Pada situasi kuyu atas semburan lumpur Blora mengingatkan kita pada peristiwa semburan lumpur Lapoindo di Jatim beberapa tahun berlalu. Jika Lapindo menurut kesimpulan beberapa kajian terjadi atas faktor alam, maka lumpur Blora ini pun lebih dipengaruhi faktor alam (juga).
Untuk itu, peristiwa semburan lumpur yang terjadi di beberapa wilayah sebelumnya dan Blora ini semoga menjadi aktivitas semburan yang terakhir di negeri ini.
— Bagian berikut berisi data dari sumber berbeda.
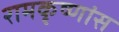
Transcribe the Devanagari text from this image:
रामकृष्णांस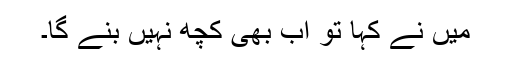
میں نے کہا تو اب بھی کچھ نہیں بنے گا۔

Peristiwa yang mengayunkan kemuraman ini semestinya juga menjadi momentum kita bersama untuk selalu memberi perhatian kepada alam, mencintai lingkungan dan selalu mengasah kepekaan pada warga sekitar atau terdekat.
Keterpanggilan
Kita mendorong dan menggerakkan, sumburan lumpur panas Blora ini sekurangnya semakin merekatkan dan menggemukkan "pager mangkok," yang jauh lebih bernyawa ketimbang, "pager tembok."
Yang perlu kita pahami, semburan lumpur seperti di Blora ini hendaknya membuat kita semua lebih waspada dan menggiatkan sistem keamanan lingkungan (siskamling). Kita tak ingin peristiwa itu terulang dan tak kita harapkan terbit lagi tangisan, sedu-sedan, apalagi saling menyalahkan.
Maka, kita harus memahami dan membiasakan diri dengan tatanan hidup baru (new normal), agar bisa berdamai dengan Covid-19 maupun pasca semburan lumpur Blora ini. Bukan berarti virusnya menang dan kita pasrah. Atau bukan berarti kita tak melakukan sesuatu untuk mengubah keadaan selepas lumpur Blora menyembur.
Yang pasti, kita harus berubah, beradaptasi hidup normal tapi dengan standar anti covid dan bebas dari kebencanaan lain, termasuk semburan lumpur. Karena kita semua harus tetap beraktivitas. Petani, guru, pedagang, insinyur, tukang, ojek, penjahit, perawat dan dokter, dll harus bekerja. Siswa harus belajar. Maka dibutuhkan adaptasi dengan meningkatkan standar kualitas hidup.
Kepada asosiasi perantau Blora di mana pun berada, kini Blora memanggil, Blora butuh sentuhan invisible hands untuk bangun dan bangkit dari duka. Juga upaya merawat alam, mengantisipasi bumi dan menghelat semangat.
Kini, bolehlah kita membaca novelnya Pramoedya, "Cerita dari Blora," tapi jangan pernah lupakan Blora. Inilah keterpanggilan kita, Pertiwi memanggil.